• [DESCRIPTION OF THE TASK] Before copying, set the images aside; then transcribe every entry below exactly.

• [EXERCISE DATA]
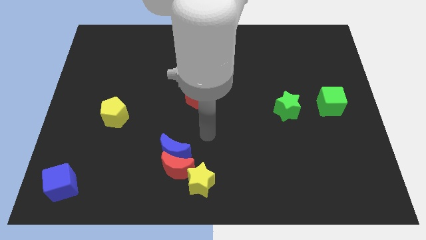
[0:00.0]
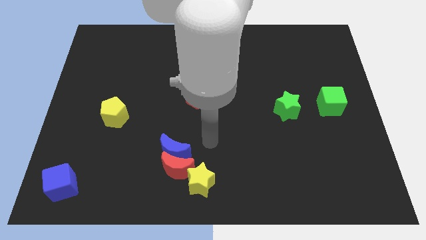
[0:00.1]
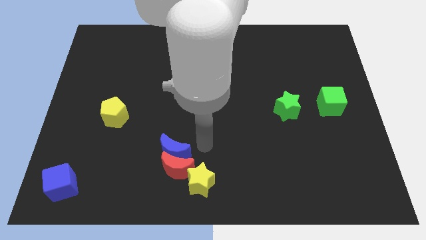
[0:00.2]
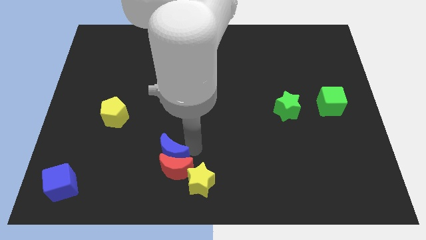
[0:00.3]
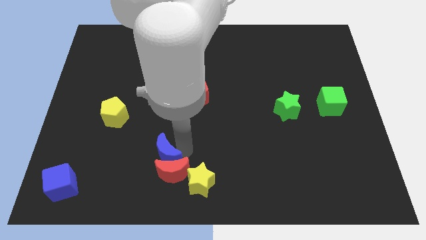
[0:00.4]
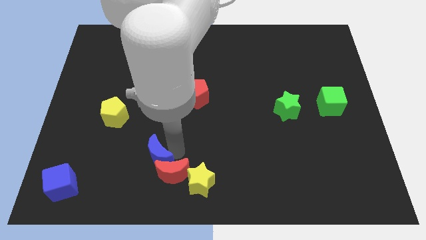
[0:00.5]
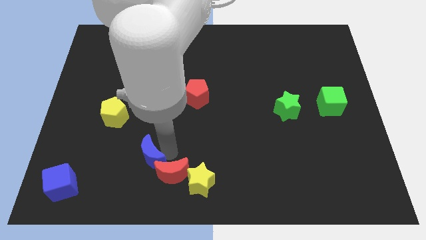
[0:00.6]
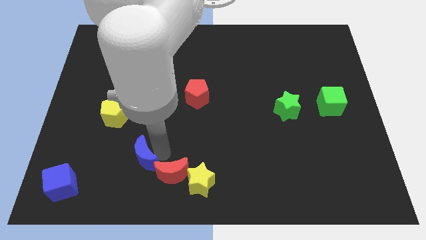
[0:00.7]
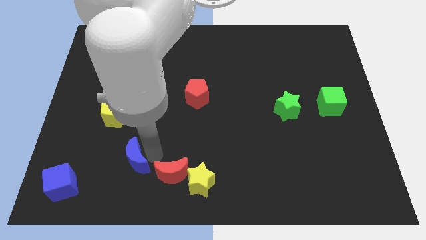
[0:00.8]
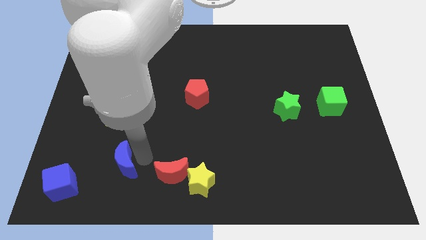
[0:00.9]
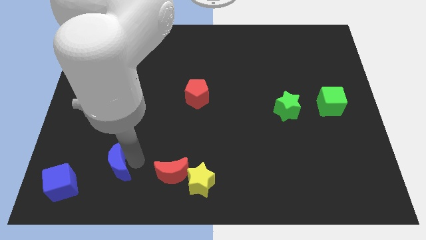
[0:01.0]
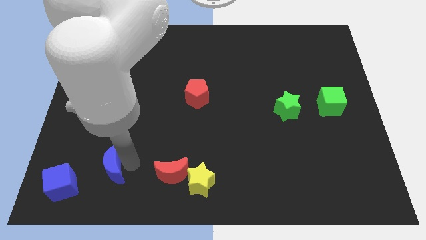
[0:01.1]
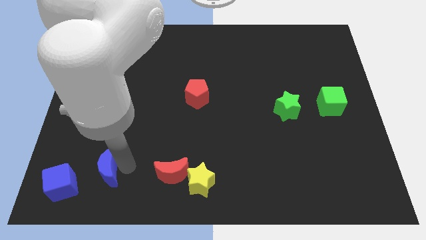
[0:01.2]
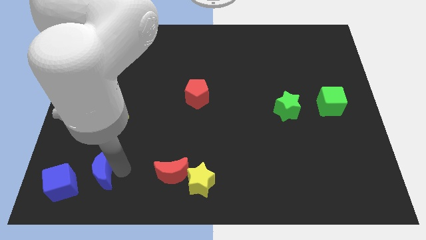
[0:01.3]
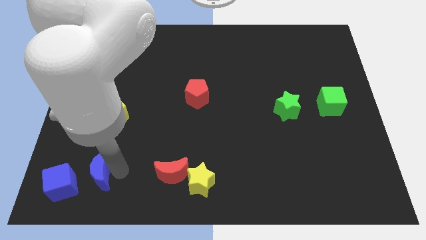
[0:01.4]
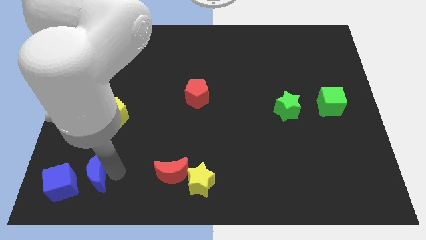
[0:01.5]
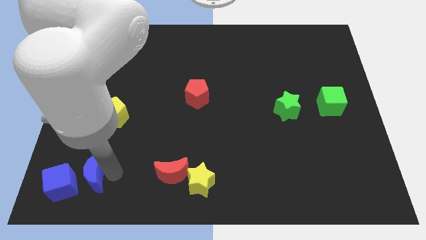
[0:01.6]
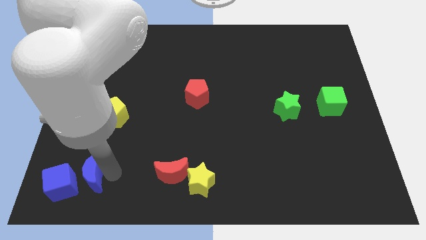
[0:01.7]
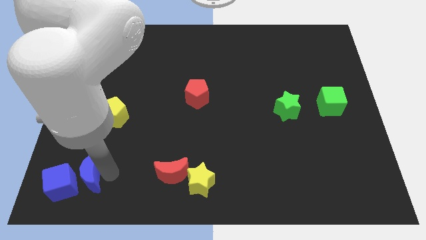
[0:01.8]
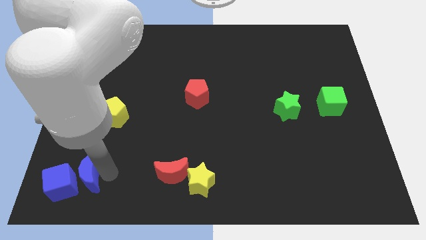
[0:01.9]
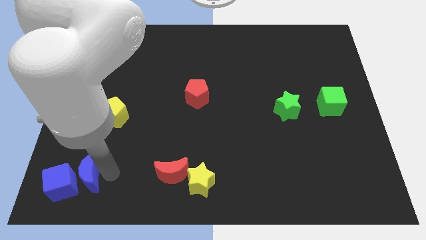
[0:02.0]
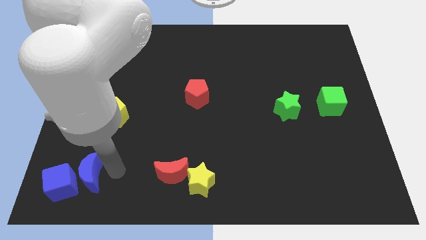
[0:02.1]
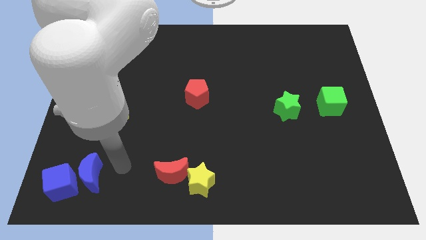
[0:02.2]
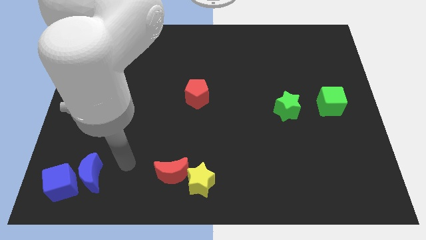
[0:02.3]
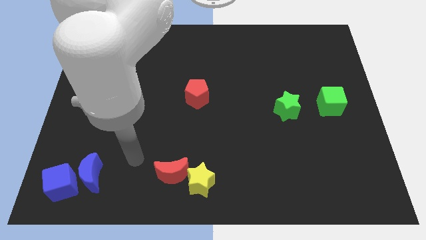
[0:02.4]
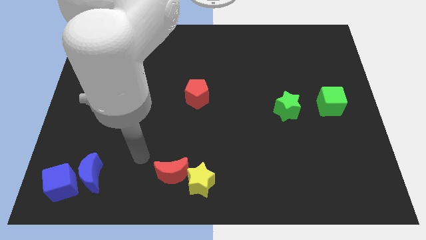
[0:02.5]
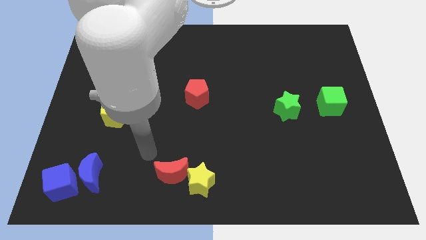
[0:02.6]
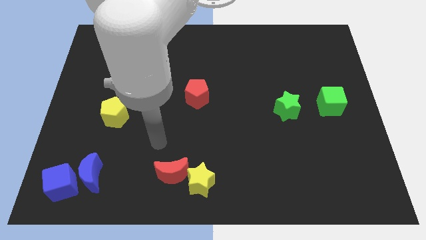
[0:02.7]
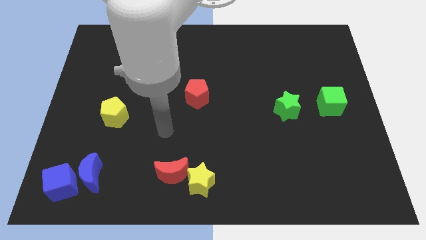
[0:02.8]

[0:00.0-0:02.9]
separate the blue moon from the red moon

• [RESPONSE BOX]
[0:00.0]
[0:00.1]
[0:00.2]
[0:00.3]
[0:00.4]
[0:00.5]
[0:00.6]
[0:00.7]
[0:00.8]
[0:00.9]
[0:01.0]
[0:01.1]
[0:01.2]
[0:01.3]
[0:01.4]
[0:01.5]
[0:01.6]
[0:01.7]
[0:01.8]
[0:01.9]
[0:02.0]
[0:02.1]
[0:02.2]
[0:02.3]
[0:02.4]
[0:02.5]
[0:02.6]
[0:02.7]
[0:02.8]

[0:00.0-0:02.9]
separate the blue moon from the red moon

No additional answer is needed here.